Sept. 19 (UPI) -- U.S. crude oil exports have been temporarily spared from Chinese tariffs, giving state-run oil refineries a short window to import as much as possible.
They're scrambling for U.S. imports because WTI, the U.S. benchmark, is selling at a $6.66 per barrel discount to Dubai crude oil. That's the biggest price difference of the year.
China announced 10 percent tariffs on $60 billion in U.S. imports Tuesday in retaliation for President Donald Trump's latest volley of tariffs that were announced Monday.
It's not clear when China's tariffs on crude oil will go into effect.
"Oil on the tariffs list will only impact trade flows but not overall demand and as such could weaken U.S. grades regionally and in the worse case WTI prices but the global benchmark Brent should not be affected," said Erik Warren, a trader at DNB Bank. "Only if economic activity goes down will Brent prices be impacted."
State-run Sinopec, the largest crude buyer in the world, and China Petroleum & Chemical Corp. have a huge opportunity to gain a price advantage until the window on U.S. crude closes.
As recent as June, China imported 455,000 barrels per day of U.S. crude oil, a new record. Volumes fell to 305,000 per day in July and 234,000 barrels per day in August.
Natural gas producers could also be negatively affected if they can't export liquefied gas to China anymore.
The American Petroleum Institute opposes the escalating trade war.
"We understand the need to address discriminatory trade practices, but this policy will essentially impose a new tax on $200 billion worth of products on which the American families and businesses rely," said Kyle Isakower, API vice president for economic policy. "This current trade dynamic works against U.S. energy sector growth and counter to the Administration's stated goal of energy dominance."
Crude oil prices up in Wednesday trading
Brent crude oil prices were trading at $79.23, up 0.25 percent, Wednesday morning while WTI prices jumped to $70.73 per barrel, up 1.26 percent from yesterday.
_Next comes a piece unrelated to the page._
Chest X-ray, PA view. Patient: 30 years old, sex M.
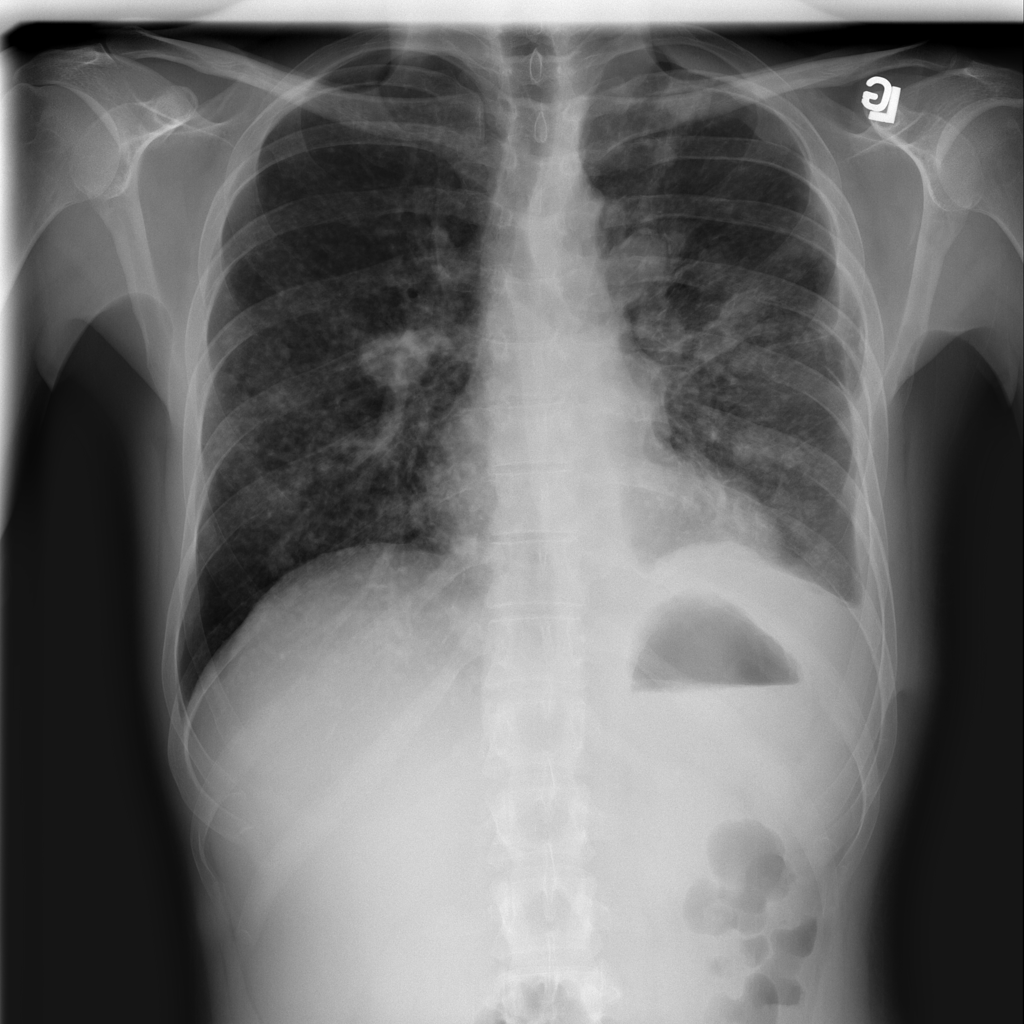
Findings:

Analysts are awaiting data from the Energy Information Administration on gasoline supplies, which could affect prices. S&P Global Platts forecasts a 3 million barrel decrease in crude oil supplies with gasoline and distillates also decreasing.
Methane limits are lifted
Oil and gas producers are allowed to vent and flare more methane into the air under new Trump administration rules officially passed Tuesday. The rule applies on publicly owned lands in the United States. The Bureau of Land Management rules are meant to reduce the burden Obama-era policies placed on drillers.
API issued a statement in support of the new methane rules.
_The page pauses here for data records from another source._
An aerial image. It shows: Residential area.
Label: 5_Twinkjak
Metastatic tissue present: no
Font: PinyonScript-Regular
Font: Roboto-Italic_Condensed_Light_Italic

"We support smart, cost effective BLM regulations that focus on prevention of waste and the conservation of resources," said Erik Milito, API Upstream and Industry Operations Group director.
As the nation shifts away from coal for power generation in favor of natural gas, methane levels in the atmosphere have decreased. The levels have decreased 14 percent since 1990.
API said the Obama rule from 2016 reached far beyond its authority.